Idiomatic way to unpack variable length list of maximum size n

Question

I'm reading a file and unpacking each line like this:

for line in filter(fh):
  a, b, c, d = line.split()

However, it's possible that line may have more or fewer columns than the variables I wish to unpack. In the case when there are fewer, I'd like to assign None to the dangling variables, and in the case where there are more, I'd like to ignore them. What's the idiomatic way to do this? I'm using python 2.7.

Answer 1

Fix the length of the list, padding with None.

def fixLength(lst, length):
    return (lst + [None] * length)[:length]

Answer 2

In python 3 you can use this

a, b, c, d, *_unused_ = line.split() + [None]*4

Edit

For large strings I suggest to use maxsplit-argument for split (this argument also works in py2.7):

a, b, c, d, *_unused_ = line.split(None, 4) + [None]*4

Why 5? Otherwise the 4th element would consist the whole residual of the line.

Edit2 It is 4… It stops after 4 splits, not 4 elements

Answer 3

First of all, think about why you want to do this.

However, given that you want to (1) pad with None and (2) ignore extra variables, the code is easy:

a,b,c,d = (line.split() + [None]*4)[:4]

Obviously, the magic number has to be the same as the number of variables.
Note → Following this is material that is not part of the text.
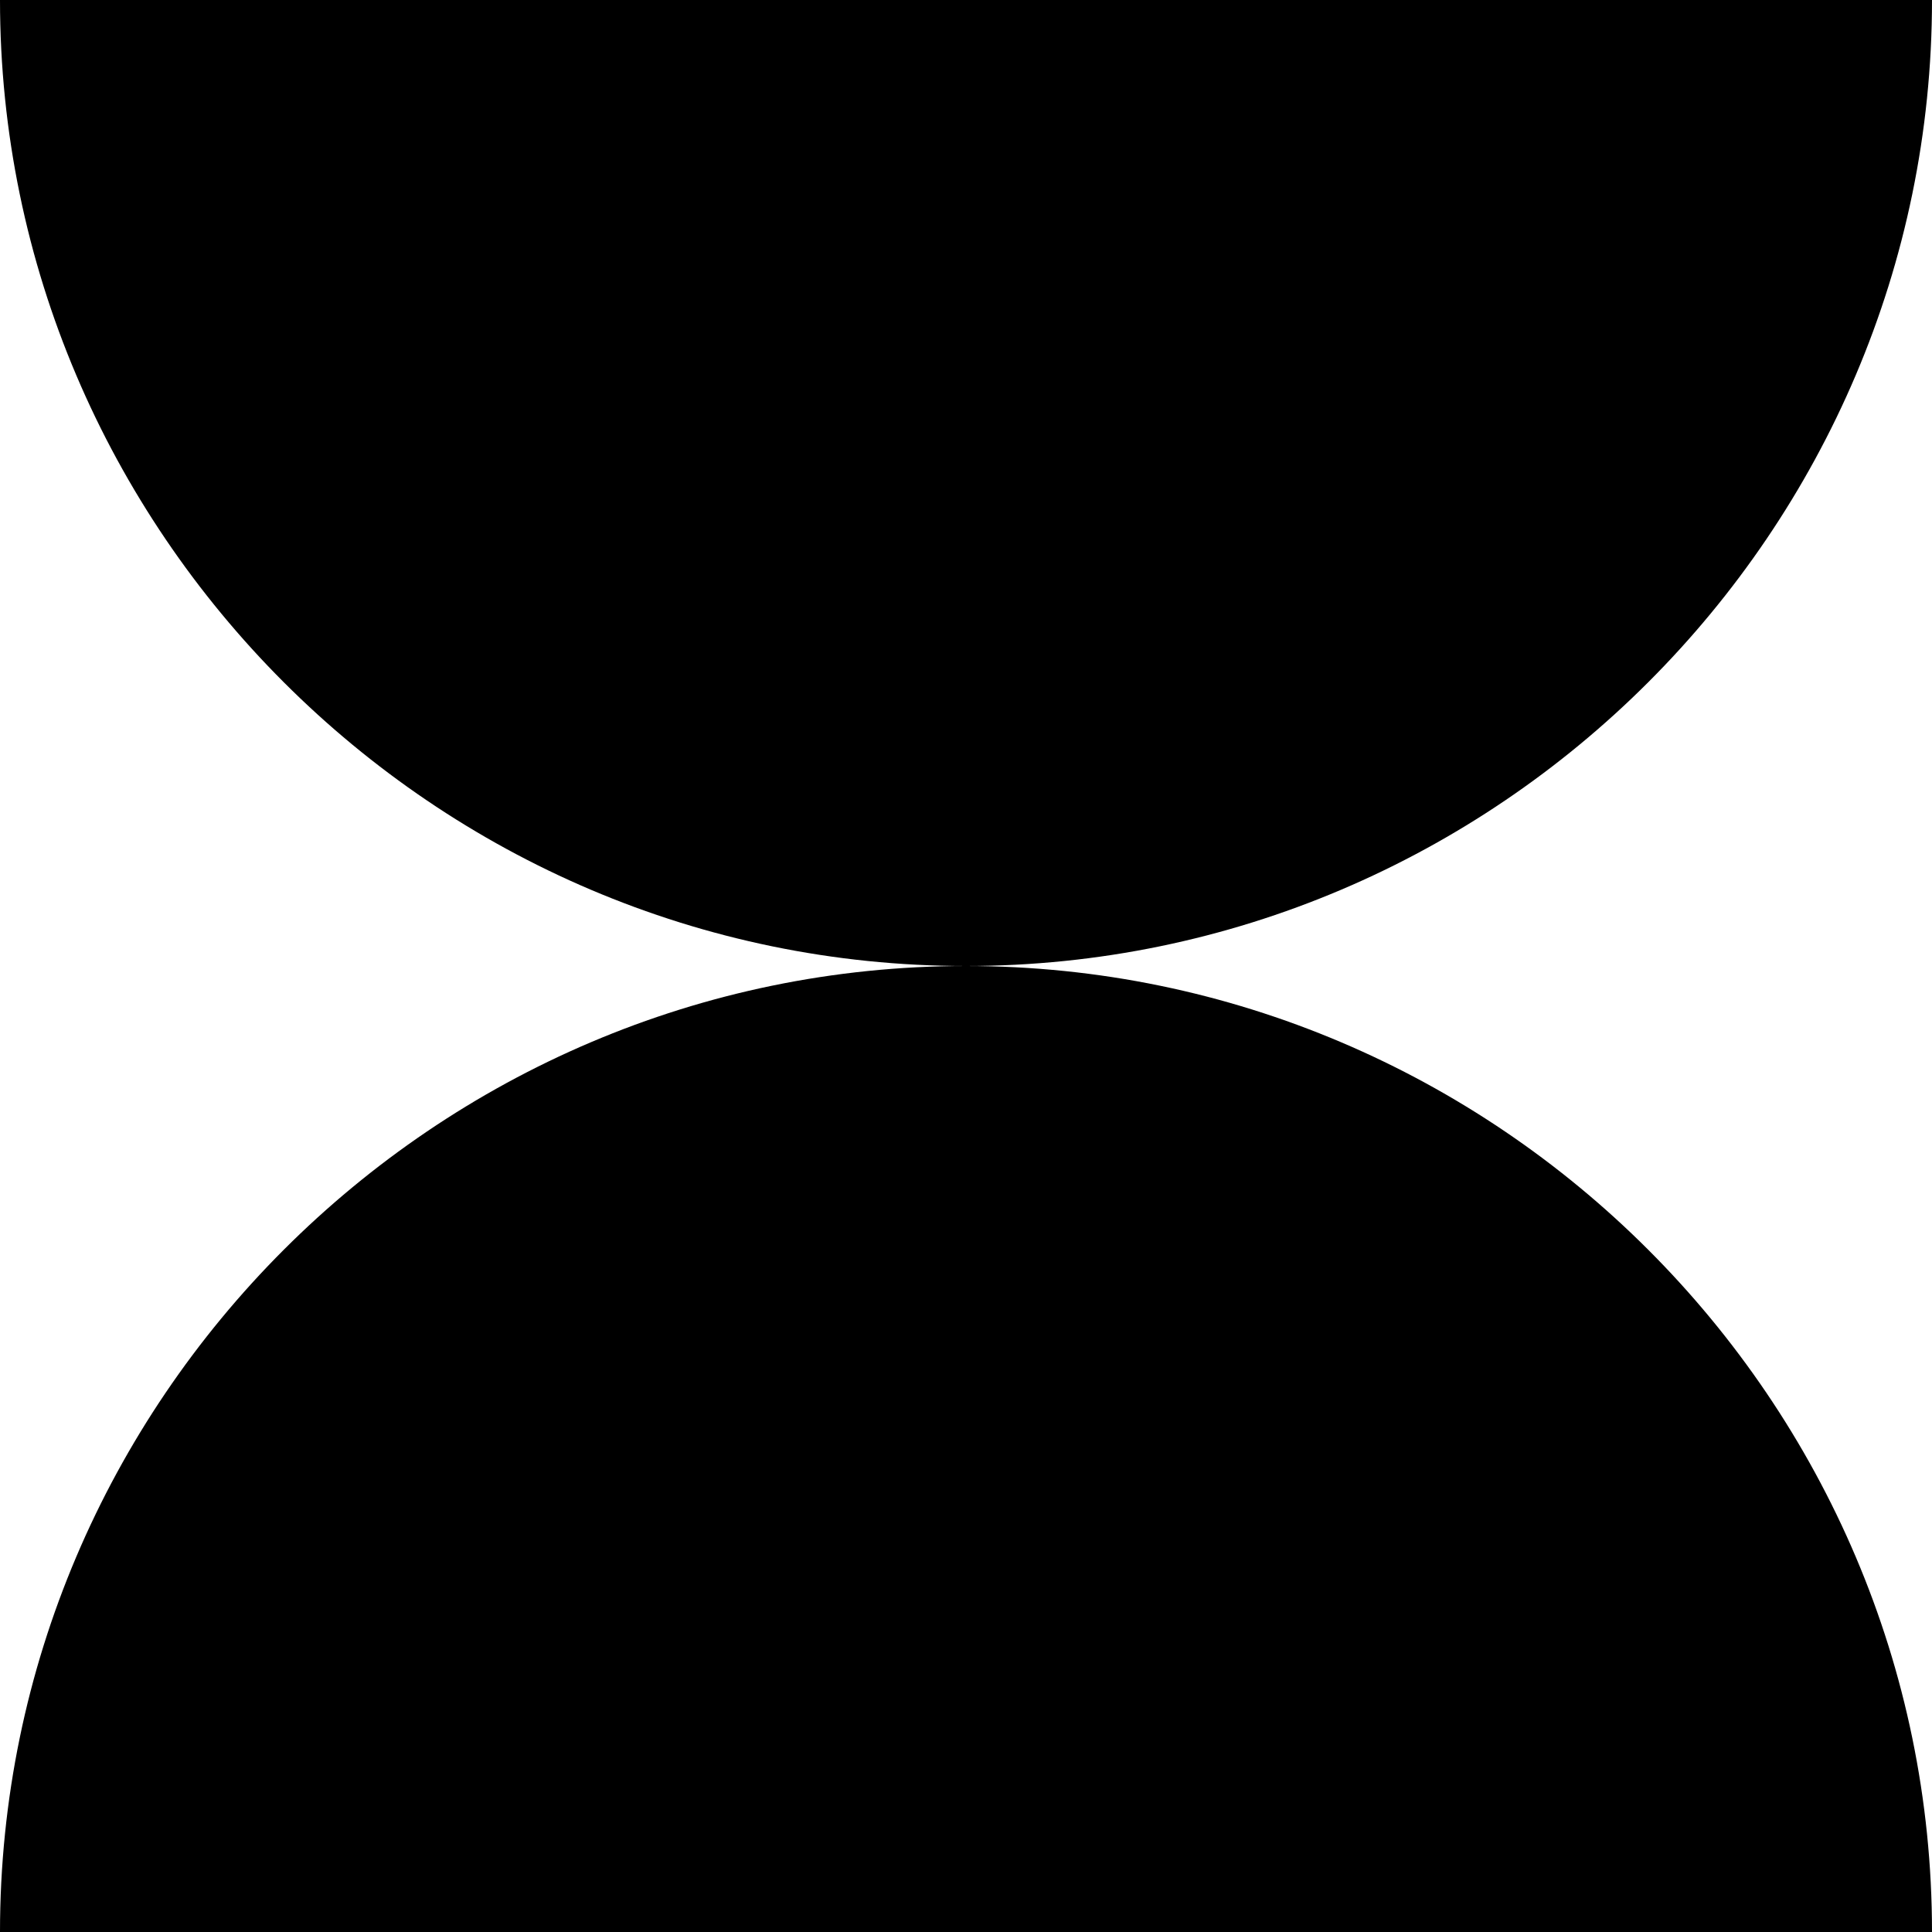 <?xml version="1.0" encoding="UTF-8"?> <!-- Generator: Adobe Illustrator 23.1.0, SVG Export Plug-In . SVG Version: 6.00 Build 0) --> <svg xmlns="http://www.w3.org/2000/svg" xmlns:xlink="http://www.w3.org/1999/xlink" id="Слой_1" x="0px" y="0px" viewBox="0 0 32 32" style="enable-background:new 0 0 32 32;" xml:space="preserve"> <style type="text/css"> .st0{fill-rule:evenodd;clip-rule:evenodd;} </style> <path class="st0" d="M16,16C7.2,16,0,8.8,0,0h32C32,8.8,24.8,16,16,16c8.8,0,16,7.2,16,16H0C0,23.2,7.2,16,16,16z"></path> </svg>

This will extend what you have with the magic number, then trim back down to that length.

For an arbitrary iterable you can do:

import itertools

def padslice(seq,n):
    return itertools.islice(itertools.chain(seq,itertools.repeat(None)), n)

This is the same pad-and-slice with itertools.

Answer 4

In Python 3, you can use itertools.zip_longest, like this:

from itertools import zip_longest

max_params = 4

lst = [1, 2, 3, 4]
a, b, c, d = next(zip(*zip_longest(lst, range(max_params))))
print(f'{a}, {b}, {c}, {d}') # 1, 2, 3, 4

lst = [1, 2, 3]
a, b, c, d = next(zip(*zip_longest(lst, range(max_params))))
print(f'{a}, {b}, {c}, {d}') # 1, 2, 3, None

For Python 2.x you can follow this answer.

Answer 5

Something like this, works for any iterable/iterator. If you're always going to pass a list then you can remove the islice part.

from itertools import islice
def solve(seq, n):
    lis = list(islice(seq, n))
    return lis + [None]*(n - len(lis))
... 
>>> a, b, c, d = solve(range(2), 4)
>>> a, b, c, d
(0, 1, None, None)
>>> a, b, c, d = solve('qwe', 4)
>>> a, b, c, d
('q', 'w', 'e', None)
>>> a, b, c, d = solve(iter([1, 2, 3, 4, 5]), 4)
>>> a, b, c, d
(1, 2, 3, 4)